[MATERIALS PROVIDED Boundary: Start]

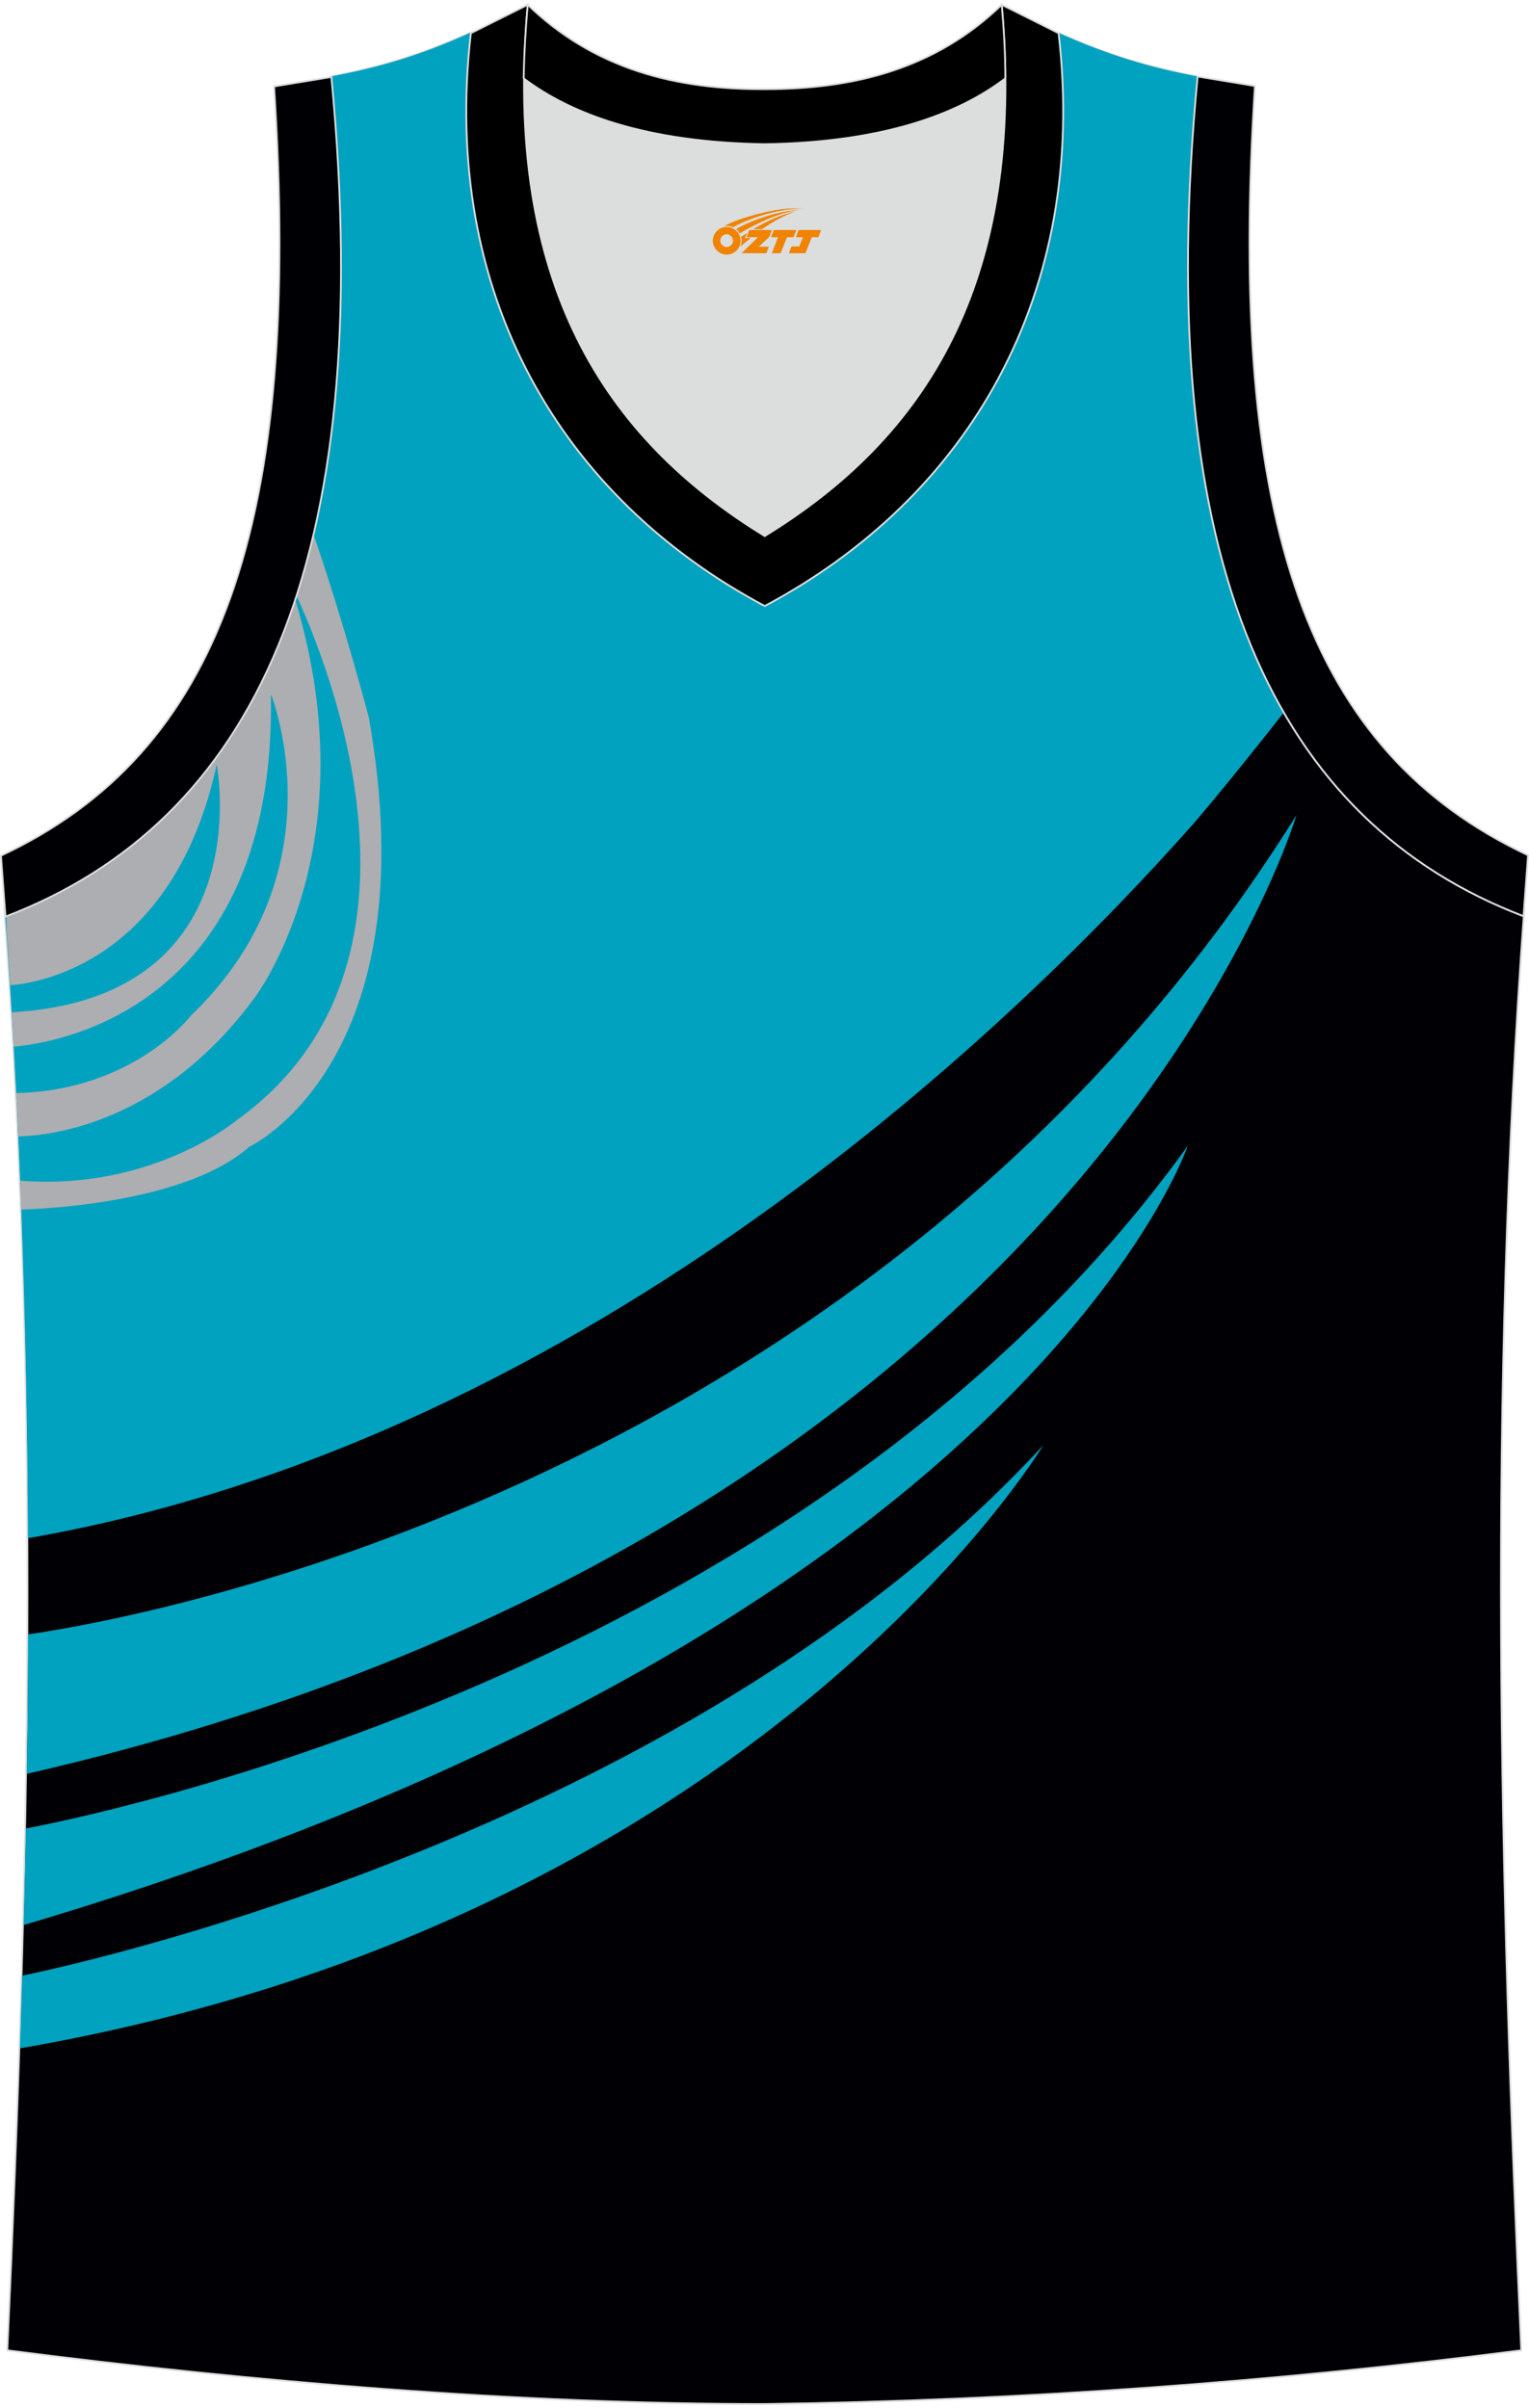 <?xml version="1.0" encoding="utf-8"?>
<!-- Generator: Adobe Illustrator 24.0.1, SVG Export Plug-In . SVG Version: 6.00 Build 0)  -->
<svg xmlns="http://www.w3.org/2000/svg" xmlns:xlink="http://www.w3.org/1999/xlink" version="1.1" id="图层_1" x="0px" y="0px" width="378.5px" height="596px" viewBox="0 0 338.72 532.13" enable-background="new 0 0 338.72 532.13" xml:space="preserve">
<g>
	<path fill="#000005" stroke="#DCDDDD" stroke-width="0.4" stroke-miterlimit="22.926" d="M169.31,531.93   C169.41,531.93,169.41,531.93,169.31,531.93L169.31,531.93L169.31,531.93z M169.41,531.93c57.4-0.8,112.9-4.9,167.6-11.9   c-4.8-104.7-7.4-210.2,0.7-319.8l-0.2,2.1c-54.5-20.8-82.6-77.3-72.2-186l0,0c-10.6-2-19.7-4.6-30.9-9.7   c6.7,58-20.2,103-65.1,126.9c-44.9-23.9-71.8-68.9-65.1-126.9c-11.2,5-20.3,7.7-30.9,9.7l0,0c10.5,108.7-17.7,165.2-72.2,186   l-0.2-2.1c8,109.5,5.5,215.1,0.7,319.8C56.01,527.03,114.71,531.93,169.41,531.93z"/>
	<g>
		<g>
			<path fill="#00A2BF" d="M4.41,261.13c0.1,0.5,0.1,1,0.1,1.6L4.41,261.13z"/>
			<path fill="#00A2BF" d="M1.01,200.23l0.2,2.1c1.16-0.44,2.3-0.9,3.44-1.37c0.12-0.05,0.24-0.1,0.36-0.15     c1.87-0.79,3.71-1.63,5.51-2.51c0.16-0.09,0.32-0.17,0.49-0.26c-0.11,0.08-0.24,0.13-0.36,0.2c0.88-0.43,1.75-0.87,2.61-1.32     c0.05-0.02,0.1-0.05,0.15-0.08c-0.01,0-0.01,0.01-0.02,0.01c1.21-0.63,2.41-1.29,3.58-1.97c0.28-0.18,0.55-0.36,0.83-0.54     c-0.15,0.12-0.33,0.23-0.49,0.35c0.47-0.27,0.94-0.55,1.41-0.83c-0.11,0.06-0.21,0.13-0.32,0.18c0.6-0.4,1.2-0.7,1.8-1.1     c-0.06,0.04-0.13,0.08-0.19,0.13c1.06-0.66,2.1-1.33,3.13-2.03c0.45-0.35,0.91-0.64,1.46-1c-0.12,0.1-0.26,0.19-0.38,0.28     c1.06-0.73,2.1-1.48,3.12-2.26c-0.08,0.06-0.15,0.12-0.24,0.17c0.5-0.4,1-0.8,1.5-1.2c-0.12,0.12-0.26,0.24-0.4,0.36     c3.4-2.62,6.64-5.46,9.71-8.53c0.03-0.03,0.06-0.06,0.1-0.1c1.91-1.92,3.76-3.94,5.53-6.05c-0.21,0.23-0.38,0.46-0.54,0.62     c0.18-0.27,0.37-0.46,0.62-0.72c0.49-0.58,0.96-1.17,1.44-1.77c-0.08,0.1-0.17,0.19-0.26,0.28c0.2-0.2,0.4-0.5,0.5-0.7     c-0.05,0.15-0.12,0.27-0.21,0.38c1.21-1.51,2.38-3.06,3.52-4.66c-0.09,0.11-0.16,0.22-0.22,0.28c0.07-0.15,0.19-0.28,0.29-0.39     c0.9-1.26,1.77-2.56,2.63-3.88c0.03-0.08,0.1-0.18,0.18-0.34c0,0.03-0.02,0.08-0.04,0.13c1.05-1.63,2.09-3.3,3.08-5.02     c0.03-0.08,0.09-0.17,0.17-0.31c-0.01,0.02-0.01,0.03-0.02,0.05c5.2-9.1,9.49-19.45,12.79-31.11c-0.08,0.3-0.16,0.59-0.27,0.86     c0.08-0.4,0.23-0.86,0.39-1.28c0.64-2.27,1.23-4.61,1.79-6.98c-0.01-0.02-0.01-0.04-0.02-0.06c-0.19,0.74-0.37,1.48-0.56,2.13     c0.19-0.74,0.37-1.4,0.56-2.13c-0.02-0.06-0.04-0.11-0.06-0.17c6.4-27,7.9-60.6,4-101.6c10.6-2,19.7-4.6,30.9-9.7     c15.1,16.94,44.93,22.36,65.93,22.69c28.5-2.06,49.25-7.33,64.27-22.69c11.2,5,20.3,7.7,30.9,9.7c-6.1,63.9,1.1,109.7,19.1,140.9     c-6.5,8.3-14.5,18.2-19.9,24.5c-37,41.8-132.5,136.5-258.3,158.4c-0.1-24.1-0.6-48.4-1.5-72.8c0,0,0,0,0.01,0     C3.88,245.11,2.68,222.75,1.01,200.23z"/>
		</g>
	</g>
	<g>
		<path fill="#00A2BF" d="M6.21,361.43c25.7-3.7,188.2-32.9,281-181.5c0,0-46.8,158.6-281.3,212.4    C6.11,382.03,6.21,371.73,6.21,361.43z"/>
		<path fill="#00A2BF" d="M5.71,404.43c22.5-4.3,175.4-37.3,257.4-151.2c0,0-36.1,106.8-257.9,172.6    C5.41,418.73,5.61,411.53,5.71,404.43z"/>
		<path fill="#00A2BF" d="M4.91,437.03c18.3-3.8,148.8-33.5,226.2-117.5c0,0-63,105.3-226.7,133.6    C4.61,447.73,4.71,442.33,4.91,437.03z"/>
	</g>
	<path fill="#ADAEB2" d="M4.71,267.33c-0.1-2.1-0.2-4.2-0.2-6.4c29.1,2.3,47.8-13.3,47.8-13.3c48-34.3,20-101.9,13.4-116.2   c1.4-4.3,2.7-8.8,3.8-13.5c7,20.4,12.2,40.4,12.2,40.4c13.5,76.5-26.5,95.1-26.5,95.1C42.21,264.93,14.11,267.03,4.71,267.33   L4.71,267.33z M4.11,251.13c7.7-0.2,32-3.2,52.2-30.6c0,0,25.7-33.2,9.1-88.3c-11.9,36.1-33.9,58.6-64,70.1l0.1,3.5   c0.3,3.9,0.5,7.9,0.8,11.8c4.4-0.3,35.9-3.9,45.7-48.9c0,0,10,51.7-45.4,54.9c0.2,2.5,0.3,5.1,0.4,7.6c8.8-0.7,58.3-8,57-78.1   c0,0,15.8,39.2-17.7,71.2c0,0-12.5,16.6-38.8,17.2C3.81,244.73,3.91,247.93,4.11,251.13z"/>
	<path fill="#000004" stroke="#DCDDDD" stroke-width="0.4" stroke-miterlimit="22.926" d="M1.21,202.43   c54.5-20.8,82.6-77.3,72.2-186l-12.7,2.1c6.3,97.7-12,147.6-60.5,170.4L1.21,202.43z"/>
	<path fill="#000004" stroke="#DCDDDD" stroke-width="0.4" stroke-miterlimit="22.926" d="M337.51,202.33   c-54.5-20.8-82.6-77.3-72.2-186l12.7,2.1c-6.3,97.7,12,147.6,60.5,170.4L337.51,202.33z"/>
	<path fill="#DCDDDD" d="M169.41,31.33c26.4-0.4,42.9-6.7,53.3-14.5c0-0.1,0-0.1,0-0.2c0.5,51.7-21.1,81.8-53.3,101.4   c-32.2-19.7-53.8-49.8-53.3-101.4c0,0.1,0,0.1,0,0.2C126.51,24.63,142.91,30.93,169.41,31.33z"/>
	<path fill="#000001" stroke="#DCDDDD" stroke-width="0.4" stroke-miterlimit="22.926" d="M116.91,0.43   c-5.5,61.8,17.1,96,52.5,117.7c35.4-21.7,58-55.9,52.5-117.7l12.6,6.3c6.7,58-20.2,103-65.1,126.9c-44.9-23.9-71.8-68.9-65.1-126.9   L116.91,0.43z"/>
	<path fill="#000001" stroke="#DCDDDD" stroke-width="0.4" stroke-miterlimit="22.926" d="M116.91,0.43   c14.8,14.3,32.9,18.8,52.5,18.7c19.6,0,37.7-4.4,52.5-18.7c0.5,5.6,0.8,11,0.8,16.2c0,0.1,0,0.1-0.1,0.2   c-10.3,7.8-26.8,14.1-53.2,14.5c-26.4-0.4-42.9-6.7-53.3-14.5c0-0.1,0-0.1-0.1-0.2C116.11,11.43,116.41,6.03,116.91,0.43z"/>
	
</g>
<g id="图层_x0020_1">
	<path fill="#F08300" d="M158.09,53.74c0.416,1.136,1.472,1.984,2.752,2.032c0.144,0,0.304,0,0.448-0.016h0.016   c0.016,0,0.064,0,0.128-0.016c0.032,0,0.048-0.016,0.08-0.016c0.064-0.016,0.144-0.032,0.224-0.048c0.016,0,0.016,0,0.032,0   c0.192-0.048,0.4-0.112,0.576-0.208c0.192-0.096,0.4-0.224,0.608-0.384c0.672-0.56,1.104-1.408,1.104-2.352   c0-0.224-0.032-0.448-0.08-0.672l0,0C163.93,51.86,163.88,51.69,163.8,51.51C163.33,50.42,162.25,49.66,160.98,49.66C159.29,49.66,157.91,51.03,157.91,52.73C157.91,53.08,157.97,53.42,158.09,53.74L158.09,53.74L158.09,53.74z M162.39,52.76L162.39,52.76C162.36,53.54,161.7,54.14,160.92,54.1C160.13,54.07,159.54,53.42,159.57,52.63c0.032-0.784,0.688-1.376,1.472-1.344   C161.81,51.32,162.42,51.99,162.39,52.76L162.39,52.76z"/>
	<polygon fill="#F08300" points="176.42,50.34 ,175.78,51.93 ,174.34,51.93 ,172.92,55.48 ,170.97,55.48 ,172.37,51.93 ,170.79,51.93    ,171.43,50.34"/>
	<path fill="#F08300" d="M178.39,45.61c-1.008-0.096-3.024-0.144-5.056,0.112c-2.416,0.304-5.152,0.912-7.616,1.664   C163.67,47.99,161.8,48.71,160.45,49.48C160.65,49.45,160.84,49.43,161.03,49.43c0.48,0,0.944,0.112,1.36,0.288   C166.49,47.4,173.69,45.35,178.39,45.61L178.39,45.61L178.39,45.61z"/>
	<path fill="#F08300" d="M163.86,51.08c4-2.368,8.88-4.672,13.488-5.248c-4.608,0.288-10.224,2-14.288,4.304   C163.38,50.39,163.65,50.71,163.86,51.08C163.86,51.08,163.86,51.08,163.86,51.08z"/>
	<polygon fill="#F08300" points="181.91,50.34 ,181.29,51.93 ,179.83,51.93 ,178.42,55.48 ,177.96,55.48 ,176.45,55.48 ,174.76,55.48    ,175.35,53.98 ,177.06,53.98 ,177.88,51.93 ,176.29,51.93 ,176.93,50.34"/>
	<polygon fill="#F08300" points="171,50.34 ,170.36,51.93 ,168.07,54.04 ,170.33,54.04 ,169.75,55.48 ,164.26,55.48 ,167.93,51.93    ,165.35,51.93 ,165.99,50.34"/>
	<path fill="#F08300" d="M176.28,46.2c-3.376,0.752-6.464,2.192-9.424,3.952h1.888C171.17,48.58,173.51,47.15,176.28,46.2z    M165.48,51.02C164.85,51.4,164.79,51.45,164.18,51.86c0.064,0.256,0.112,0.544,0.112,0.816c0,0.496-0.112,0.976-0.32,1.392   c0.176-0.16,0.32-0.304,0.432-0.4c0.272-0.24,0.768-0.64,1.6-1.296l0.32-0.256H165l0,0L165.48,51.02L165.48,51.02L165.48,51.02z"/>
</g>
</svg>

[MATERIALS PROVIDED Boundary: End]

WHAT THE TASK REQUIRES » Show the lines of the entries that include the string "polygon", copying each in full.

WRITTEN SOLUTION »
	<polygon fill="#F08300" points="176.42,50.34 ,175.78,51.93 ,174.34,51.93 ,172.92,55.48 ,170.97,55.48 ,172.37,51.93 ,170.79,51.93    ,171.43,50.34"/>
	<polygon fill="#F08300" points="181.91,50.34 ,181.29,51.93 ,179.83,51.93 ,178.42,55.48 ,177.96,55.48 ,176.45,55.48 ,174.76,55.48    ,175.35,53.98 ,177.06,53.98 ,177.88,51.93 ,176.29,51.93 ,176.93,50.34"/>
	<polygon fill="#F08300" points="171,50.34 ,170.36,51.93 ,168.07,54.04 ,170.33,54.04 ,169.75,55.48 ,164.26,55.48 ,167.93,51.93    ,165.35,51.93 ,165.99,50.34"/>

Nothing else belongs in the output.